State Police attempt to assuage GOP concerns on new immigration policies

    The Pennsylvania State Police clarified their new policies on undocumented immigrants at a House hearing Wednesday. (Capital-Star photo by Stephen Caruso)

    In February, Republicans expressed grave concerns over new Pennsylvania State Police policies that limit cooperation with federal immigration authorities.

    Some state House Republicans went as far as saying Pennsylvania had been made a de-facto “sanctuary state.”

    In a follow-up hearing Wednesday, State Police officials told the House Judiciary Committee that their policies do not prevent cooperation with U.S. Immigration and Customs Enforcement. They only limit troopers from detaining or prolonging interactions with people who may be undocumented solely to give ICE time to arrive on the scene.

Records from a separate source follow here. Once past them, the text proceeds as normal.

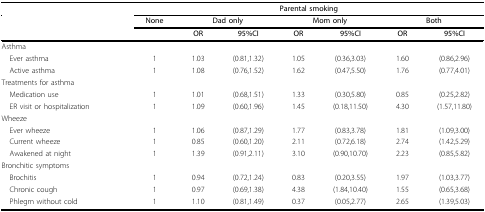
<table><thead><tr><td colspan="2">[EMPTY_CELL]</td><td colspan="7"><b>Parental smoking</b></td></tr><tr><td colspan="2">[EMPTY_CELL]</td><td><b>None</b></td><td colspan="2"><b>Dad only</b></td><td colspan="2"><b>Mom only</b></td><td colspan="2"><b>Both</b></td></tr><tr><td colspan="2">[EMPTY_CELL]</td><td>[EMPTY_CELL]</td><td><b>OR</b></td><td><b>95%CI</b></td><td><b>OR</b></td><td><b>95%CI</b></td><td><b>OR</b></td><td><b>95%CI</b></td></tr></thead><tbody><tr><td colspan="2">Asthma</td><td>[EMPTY_CELL]</td><td>[EMPTY_CELL]</td><td>[EMPTY_CELL]</td><td>[EMPTY_CELL]</td><td>[EMPTY_CELL]</td><td>[EMPTY_CELL]</td><td>[EMPTY_CELL]</td></tr><tr><td colspan="2"> Ever asthma</td><td>1</td><td>1.03</td><td>(0.81,1.32)</td><td>1.05</td><td>(0.36,3.03)</td><td>1.60</td><td>(0.86,2.96)</td></tr><tr><td colspan="2"> Active asthma</td><td>1</td><td>1.08</td><td>(0.76,1.52)</td><td>1.62</td><td>(0.47,5.50)</td><td>1.76</td><td>(0.77,4.01)</td></tr><tr><td colspan="2">Treatments for asthma</td><td>[EMPTY_CELL]</td><td>[EMPTY_CELL]</td><td>[EMPTY_CELL]</td><td>[EMPTY_CELL]</td><td>[EMPTY_CELL]</td><td>[EMPTY_CELL]</td><td>[EMPTY_CELL]</td></tr><tr><td colspan="2"> Medication use</td><td>1</td><td>1.01</td><td>(0.68,1.51)</td><td>1.33</td><td>(0.30,5.80)</td><td>0.85</td><td>(0.25,2.82)</td></tr><tr><td colspan="2"> ER visit or hospitalization</td><td>1</td><td>1.09</td><td>(0.60,1.96)</td><td>1.45</td><td>(0.18,11.50)</td><td>4.30</td><td>(1.57,11.80)</td></tr><tr><td colspan="2">Wheeze</td><td>[EMPTY_CELL]</td><td>[EMPTY_CELL]</td><td>[EMPTY_CELL]</td><td>[EMPTY_CELL]</td><td>[EMPTY_CELL]</td><td>[EMPTY_CELL]</td><td>[EMPTY_CELL]</td></tr><tr><td colspan="2"> Ever wheeze</td><td>1</td><td>1.06</td><td>(0.87,1.29)</td><td>1.77</td><td>(0.83,3.78)</td><td>1.81</td><td>(1.09,3.00)</td></tr><tr><td colspan="2"> Current wheeze</td><td>1</td><td>0.85</td><td>(0.60,1.20)</td><td>2.11</td><td>(0.72,6.18)</td><td>2.74</td><td>(1.42,5.29)</td></tr><tr><td colspan="2"> Awakened at night</td><td>1</td><td>1.39</td><td>(0.91,2.11)</td><td>3.10</td><td>(0.90,10.70)</td><td>2.23</td><td>(0.85,5.82)</td></tr><tr><td colspan="2">Bronchitic symptoms</td><td>[EMPTY_CELL]</td><td>[EMPTY_CELL]</td><td>[EMPTY_CELL]</td><td>[EMPTY_CELL]</td><td>[EMPTY_CELL]</td><td>[EMPTY_CELL]</td><td>[EMPTY_CELL]</td></tr><tr><td colspan="2"> Brochitis</td><td>1</td><td>0.94</td><td>(0.72,1.24)</td><td>0.83</td><td>(0.20,3.55)</td><td>1.97</td><td>(1.03,3.77)</td></tr><tr><td colspan="2"> Chronic cough</td><td>1</td><td>0.97</td><td>(0.69,1.38)</td><td>4.38</td><td>(1.84,10.40)</td><td>1.55</td><td>(0.65,3.68)</td></tr><tr><td colspan="2"> Phlegm without cold</td><td>1</td><td>1.10</td><td>(0.81,1.49)</td><td>0.37</td><td>(0.05,2.77)</td><td>2.65</td><td>(1.39,5.03)</td></tr></tbody></table>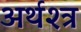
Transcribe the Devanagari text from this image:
अर्थश्त्र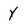
Character: Y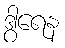
ဒွါရေန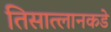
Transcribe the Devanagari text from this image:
तिसात्लानकडे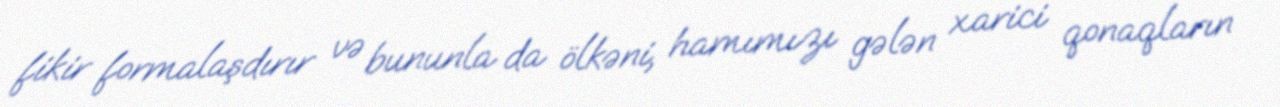
fikir formalaşdırır və bununla da ölkəni, hamımızı gələn xarici qonaqların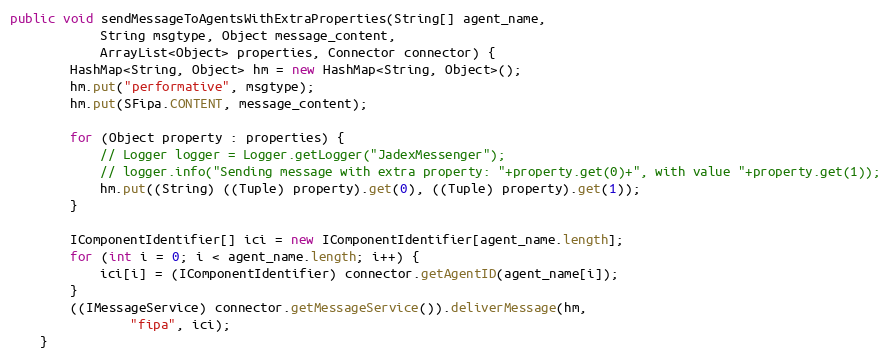
Language: Java
public void sendMessageToAgentsWithExtraProperties(String[] agent_name,
            String msgtype, Object message_content,
            ArrayList<Object> properties, Connector connector) {
        HashMap<String, Object> hm = new HashMap<String, Object>();
        hm.put("performative", msgtype);
        hm.put(SFipa.CONTENT, message_content);

        for (Object property : properties) {
            // Logger logger = Logger.getLogger("JadexMessenger");
            // logger.info("Sending message with extra property: "+property.get(0)+", with value "+property.get(1));
            hm.put((String) ((Tuple) property).get(0), ((Tuple) property).get(1));
        }

        IComponentIdentifier[] ici = new IComponentIdentifier[agent_name.length];
        for (int i = 0; i < agent_name.length; i++) {
            ici[i] = (IComponentIdentifier) connector.getAgentID(agent_name[i]);
        }
        ((IMessageService) connector.getMessageService()).deliverMessage(hm,
                "fipa", ici);
    }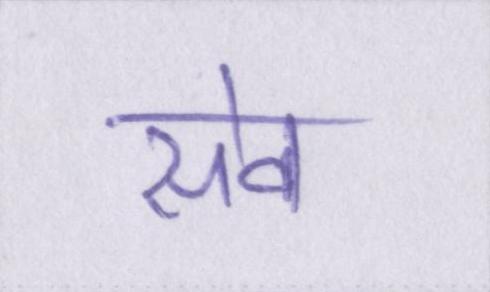
सेव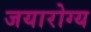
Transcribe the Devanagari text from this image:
जयारोग्य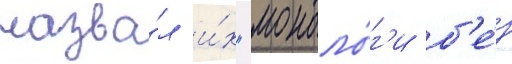
назва́л и́х "моноло́г'и б'е́з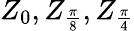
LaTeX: Z_{0},Z_{\frac{\pi}{8}},Z_{\frac{\pi}{4}}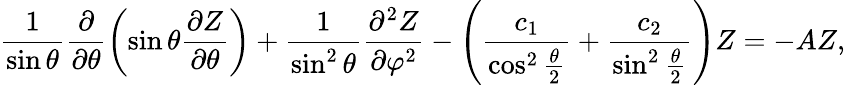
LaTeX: \frac{1}{\sin\theta}\frac{\partial}{\partial\theta}\left(\sin\theta\frac{\partial Z}{\partial\theta}\right)+\frac{1}{\sin^{2}\theta}\frac{\partial^{2}Z}{\partial\varphi^{2}}-\left(\frac{c_{1}}{\cos^{2}\frac{\theta}{2}}+\frac{c_{2}}{\sin^{2}\frac{\theta}{2}}\right)Z=-AZ,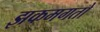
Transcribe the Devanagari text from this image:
झकमगतो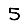
Digit: 5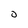
Character: 0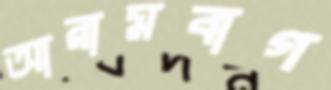
আরামবাগ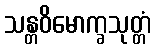
သန္တဝိမောက္ခသုတ္တံ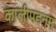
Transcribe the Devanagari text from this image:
कालीपटनम

    “Unfortunately, there have been some public misconceptions,” Major James Degnan told the committee.

    Under the new policies, State Police no longer acknowledge administrative detainers, or civil requests from ICE to hold suspected undocumented immigrants.

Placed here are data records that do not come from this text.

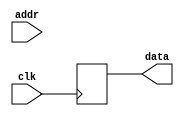
module rom #(
        parameter   DATA_WIDTH = 16,
        parameter   ADDR_WIDTH = 8          // 2 * 1024 bytes of ROM
    )(
        input  wire                  clk,
        input  wire [ADDR_WIDTH-1:0] addr,  // here comes the program counter
        output  reg [DATA_WIDTH-1:0] data   // here goes the instruction
    );

    reg [DATA_WIDTH-1:0] value;

    always @* begin
        case (addr)
            // TODO 4: Adaugati codul aici.
        endcase
    end

    always @(negedge clk) begin
        data <= value;
    end

endmodule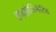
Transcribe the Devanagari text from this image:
हाइड्रोजिनेटिड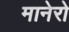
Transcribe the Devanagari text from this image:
मानेरो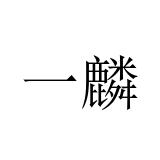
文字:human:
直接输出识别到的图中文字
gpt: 一麟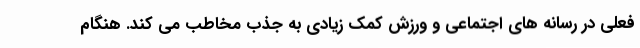
فعلی در رسانه های اجتماعی و ورزش کمک زیادی به جذب مخاطب می کند. هنگام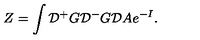
Z = \int { \cal D } { ^ + } G { \cal D } { ^ - } G { \cal D } A e ^ { - I } .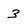
Character: 3

    If a detainer is wrongly honored, state and local agencies can be held liable. Such a case kept an American citizen of Puerto Rican descent in prison for three days in November 2008 and led Lehigh County to no longer comply with detainers. The individual also won $145,000 in damages.

    Some Republicans were still not satisfied, including Rep. Martina White, R-Philadelphia, who has previously pushed to punish cities that limit cooperation with ICE.

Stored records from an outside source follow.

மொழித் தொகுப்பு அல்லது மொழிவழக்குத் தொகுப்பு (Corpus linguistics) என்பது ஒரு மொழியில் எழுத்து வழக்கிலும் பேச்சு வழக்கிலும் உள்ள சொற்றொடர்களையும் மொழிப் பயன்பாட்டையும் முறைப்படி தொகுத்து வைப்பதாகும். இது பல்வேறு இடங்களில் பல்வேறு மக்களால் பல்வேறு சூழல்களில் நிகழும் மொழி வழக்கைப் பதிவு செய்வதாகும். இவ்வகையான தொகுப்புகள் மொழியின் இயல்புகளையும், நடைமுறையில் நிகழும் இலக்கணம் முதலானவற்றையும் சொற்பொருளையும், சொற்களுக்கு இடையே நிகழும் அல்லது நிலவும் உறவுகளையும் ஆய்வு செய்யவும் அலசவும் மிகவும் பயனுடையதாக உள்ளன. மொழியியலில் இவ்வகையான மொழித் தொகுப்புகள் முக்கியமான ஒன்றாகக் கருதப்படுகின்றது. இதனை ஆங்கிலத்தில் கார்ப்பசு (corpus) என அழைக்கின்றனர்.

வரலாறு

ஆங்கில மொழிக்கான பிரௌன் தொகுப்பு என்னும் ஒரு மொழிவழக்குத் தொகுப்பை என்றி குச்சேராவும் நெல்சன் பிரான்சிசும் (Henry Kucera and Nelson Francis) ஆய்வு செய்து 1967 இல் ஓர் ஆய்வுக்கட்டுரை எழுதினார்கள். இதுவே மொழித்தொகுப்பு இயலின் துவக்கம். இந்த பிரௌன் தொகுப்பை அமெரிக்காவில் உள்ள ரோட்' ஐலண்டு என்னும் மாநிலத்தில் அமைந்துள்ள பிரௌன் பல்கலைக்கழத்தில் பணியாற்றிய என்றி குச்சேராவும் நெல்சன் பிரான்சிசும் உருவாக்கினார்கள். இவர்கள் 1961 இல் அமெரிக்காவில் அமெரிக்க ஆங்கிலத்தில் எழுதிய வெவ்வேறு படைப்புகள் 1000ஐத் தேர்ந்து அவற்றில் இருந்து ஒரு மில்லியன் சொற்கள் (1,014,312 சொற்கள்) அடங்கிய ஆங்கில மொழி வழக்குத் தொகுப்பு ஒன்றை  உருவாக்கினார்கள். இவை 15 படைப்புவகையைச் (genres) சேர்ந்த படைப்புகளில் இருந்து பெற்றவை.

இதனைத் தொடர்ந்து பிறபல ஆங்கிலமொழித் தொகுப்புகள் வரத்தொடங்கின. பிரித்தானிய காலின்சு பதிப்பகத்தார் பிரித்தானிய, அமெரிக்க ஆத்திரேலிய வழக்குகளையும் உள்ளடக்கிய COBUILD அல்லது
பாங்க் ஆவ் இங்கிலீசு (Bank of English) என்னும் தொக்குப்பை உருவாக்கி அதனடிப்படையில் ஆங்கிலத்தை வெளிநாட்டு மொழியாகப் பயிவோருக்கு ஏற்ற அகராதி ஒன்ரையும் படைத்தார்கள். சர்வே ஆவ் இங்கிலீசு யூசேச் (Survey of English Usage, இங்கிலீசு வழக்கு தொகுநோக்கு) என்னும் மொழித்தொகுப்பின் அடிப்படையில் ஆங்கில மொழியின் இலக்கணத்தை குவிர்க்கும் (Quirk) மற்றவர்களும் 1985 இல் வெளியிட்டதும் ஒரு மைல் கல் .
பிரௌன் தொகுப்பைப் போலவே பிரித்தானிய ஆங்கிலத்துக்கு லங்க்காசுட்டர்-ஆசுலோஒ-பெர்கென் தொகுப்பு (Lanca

    She compared the State Police policy to ignoring a request from Interpol, an international police agency, to question the logic.

    After the meeting, White did not clarify her point, but said she appreciates the State Police’s efforts in making sure their policy “is very clear, concise, and consistent with federal law.”

    Kerri Talbot, an immigration attorney with The Immigration Hub, a progressive think tank, didn’t buy into the comparison.

    She said State Police would be able to see any outstanding Interpol requests through a typical federal database. These requests would be backed by a judge’s order.

    “Information in Interpol would be criminal warrants from other countries,” Talbot said. “Immigration detainers are just a request to hold someone to look into their [immigration] status, which is a civil violation. So they are not comparable.”

    Whether the hearing will inspire further legislative action is unclear. Rep. Tarah Toohil, R-Luzerne, suggested that lawmakers apply the new State Police rules to every commonwealth police agency.

    For some Republicans, the issue isn’t the State Police.

    Degnan told the story of a case where ICE didn’t respond to eight different requests to pick up an undocumented immigrant. Rep. Barry Jozwiak, R-Berks, pinned the blame on the feds.

    “It’s ICE who’s not doing what they’re supposed to do,” Jozwiak said.